For Teachers & Professionals

Testicular cancer and Sexuality

Testicular cancer occurs in the testicles (testes), which are located inside the scrotum. The testicles produce male sex hormones and sperm for reproduction. Testicular cancer is the most common cancer among males and occurs between the ages of 15 and 44. The incidence rate of testicular cancer was 1.5 per 100,000 people in the world. The highest incidence rate was observed in Europe and the lowest incidence was in Africa and Asia. 

Treatment for testicular cancer can affect sex life. This is usually just for a short time.

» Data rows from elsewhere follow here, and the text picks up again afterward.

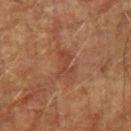workup = no biopsy performed (imaged during a skin exam); image-analysis metrics = a lesion area of about 6 mm², a shape eccentricity near 0.85, and a symmetry-axis asymmetry near 0.35; imaging modality = ~15 mm crop, total-body skin-cancer survey; tile lighting = cross-polarized; body site = the arm; patient = male, in their mid-70s; lesion size = ~3.5 mm (longest diameter).
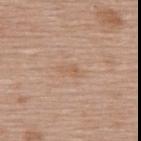biopsy status = imaged on a skin check; not biopsied
subject = female, aged approximately 60
location = the upper back
size = about 2.5 mm
imaging modality = 15 mm crop, total-body photography
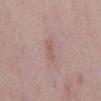Recorded during total-body skin imaging; not selected for excision or biopsy. The total-body-photography lesion software estimated an area of roughly 3 mm², an outline eccentricity of about 0.9 (0 = round, 1 = elongated), and two-axis asymmetry of about 0.25. The lesion is on the back. A female patient in their 50s. Captured under white-light illumination. A 15 mm crop from a total-body photograph taken for skin-cancer surveillance. Approximately 3 mm at its widest.
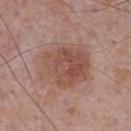workup=catalogued during a skin exam; not biopsied | subject=male, in their mid- to late 70s | lesion diameter=≈6.5 mm | site=the chest | lighting=white-light illumination | imaging modality=~15 mm crop, total-body skin-cancer survey.
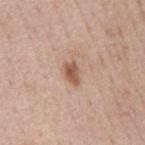The lesion was photographed on a routine skin check and not biopsied; there is no pathology result.
On the mid back.
The tile uses white-light illumination.
This image is a 15 mm lesion crop taken from a total-body photograph.
A male patient aged 48 to 52.
The lesion's longest dimension is about 3 mm.
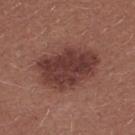Clinical impression:
Part of a total-body skin-imaging series; this lesion was reviewed on a skin check and was not flagged for biopsy.
Context:
Automated image analysis of the tile measured a lesion color around L≈38 a*≈23 b*≈22 in CIELAB, a lesion–skin lightness drop of about 11, and a normalized border contrast of about 9.5. The analysis additionally found a nevus-likeness score of about 65/100 and a lesion-detection confidence of about 100/100. The lesion's longest dimension is about 7.5 mm. Captured under white-light illumination. The lesion is on the back. A female subject, in their mid- to late 20s. A lesion tile, about 15 mm wide, cut from a 3D total-body photograph.
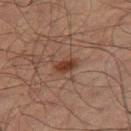Impression: This lesion was catalogued during total-body skin photography and was not selected for biopsy. Context: From the right thigh. The total-body-photography lesion software estimated a footprint of about 4 mm², an outline eccentricity of about 0.8 (0 = round, 1 = elongated), and two-axis asymmetry of about 0.25. This is a cross-polarized tile. A male patient, aged 48 to 52. This image is a 15 mm lesion crop taken from a total-body photograph.

Testicular cancer and its treatments can have both physical and psychological effects. The most commonly experienced issues include erectile dysfunction, reduced erectile rigidity, and inability to maintain an erection during intercourse due to chronic pain. Other concerns are reduced sexual interest, lack of sexual desire and infrequent sexual activity. Disorders of ejaculation are prevalent with the presence of retrograde ejaculation. Relationships and communication between the partners might also have their struggles. The impact on masculinity and identity remains person-dependent. Among the treatments the main effects are the following: 

1. Removing one testicle (orchidectomy) 

Having one testicle removed shouldn't affect the long-term ability to father children (fertility), sexual performance and sex drive (libido). The remaining testicle usually makes more testosterone and sperm. This makes up for the removed testicle. But for some men, their remaining testicles might not work so well which could reduce fertility. Your doctor will offer you sperm banking before surgery. Some might also feel less like having sex after their surgery. 

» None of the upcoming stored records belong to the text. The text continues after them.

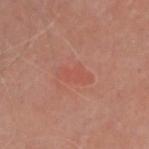follow-up: catalogued during a skin exam; not biopsied
patient: male, roughly 55 years of age
image: total-body-photography crop, ~15 mm field of view
automated metrics: a footprint of about 6 mm²; a lesion color around L≈53 a*≈28 b*≈30 in CIELAB and a lesion–skin lightness drop of about 5
anatomic site: the head or neck
illumination: cross-polarized illumination
size: about 4 mm
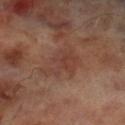The lesion was photographed on a routine skin check and not biopsied; there is no pathology result. The lesion is on the leg. A 15 mm close-up extracted from a 3D total-body photography capture. A male patient aged 68 to 72.

2. Removing both testicles (bilateral orchidectomy) 

It isn't common to have testicular cancer in both testicles. In this case, surgery is needed in both. After the removal of both testicles, the level of testosterone in the blood falls quickly. This will affect sex life and the ability to have children (fertility). To maintain the sex drive and be able to get an erection, testosterone is needed as replacement therapy. 

3. Removing lymph nodes (retroperitoneal lymph node dissection) 

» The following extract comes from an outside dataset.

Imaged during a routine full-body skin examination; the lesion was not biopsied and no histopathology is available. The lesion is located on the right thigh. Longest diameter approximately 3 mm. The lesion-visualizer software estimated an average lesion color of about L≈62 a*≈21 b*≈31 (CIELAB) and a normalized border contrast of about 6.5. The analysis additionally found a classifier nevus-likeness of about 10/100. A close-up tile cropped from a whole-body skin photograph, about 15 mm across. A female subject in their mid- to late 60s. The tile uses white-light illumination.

This surgery is needed to remove lymph glands at the back of the abdomen (retroperitoneal lymph node dissection). The operation can damage nerves that control the release of sperm (ejaculation). This could affect one’s sex life and their ability to have children in the future. One can still get an erection and have an orgasm, but a side effect of this surgery is dry ejaculation or ejaculating backwards (retrograde ejaculation). Semen and sperm go back into the bladder instead of coming out of your penis. 

4. Chemotherapy 

Chemotherapy drugs may remain in the system and be present in the semen for a few days. For a few weeks after chemotherapy, the patient may have some trouble getting and keeping an erection. It is not known whether chemotherapy drugs can be passed on through semen. Some doctors advise people to use a barrier method (such as condoms, femidoms or dental dams) if they have sex during treatment. This applies to vaginal, anal or oral sex. 

5. Radiation therapy 

Radiation therapy to the pelvis may temporarily stop semen production. The patient will still feel the sensations of an orgasm but will ejaculate little or no semen (dry orgasm). In most cases, semen production returns to normal after a few months.

Individuals affected by testicular cancer report needing help with their sex life, but they are embarrassed to discuss this with healthcare professionals. Barriers in doctor-patient communication, such as time management and training in sexual topics should be overcome. 

REFERENCES 

Doyle, R., Craft, P., Turner, M. et al. (2022). Identifying the unmet supportive care needs of individuals affected by testicular cancer: a systematic review. J Cancer Surviv. https://doi.org/10.1007/s11764-022-01219-7 

Farmanfarma, K. K., Mahdavifar, N., Mohammadian-Hafshejani, A., & Salehinija, H. (2018). TESTICULAR CANCER IN THE WORLD: AN EPIDEMIOLOGICAL REVIEW. World cancer research journal, 5(4). 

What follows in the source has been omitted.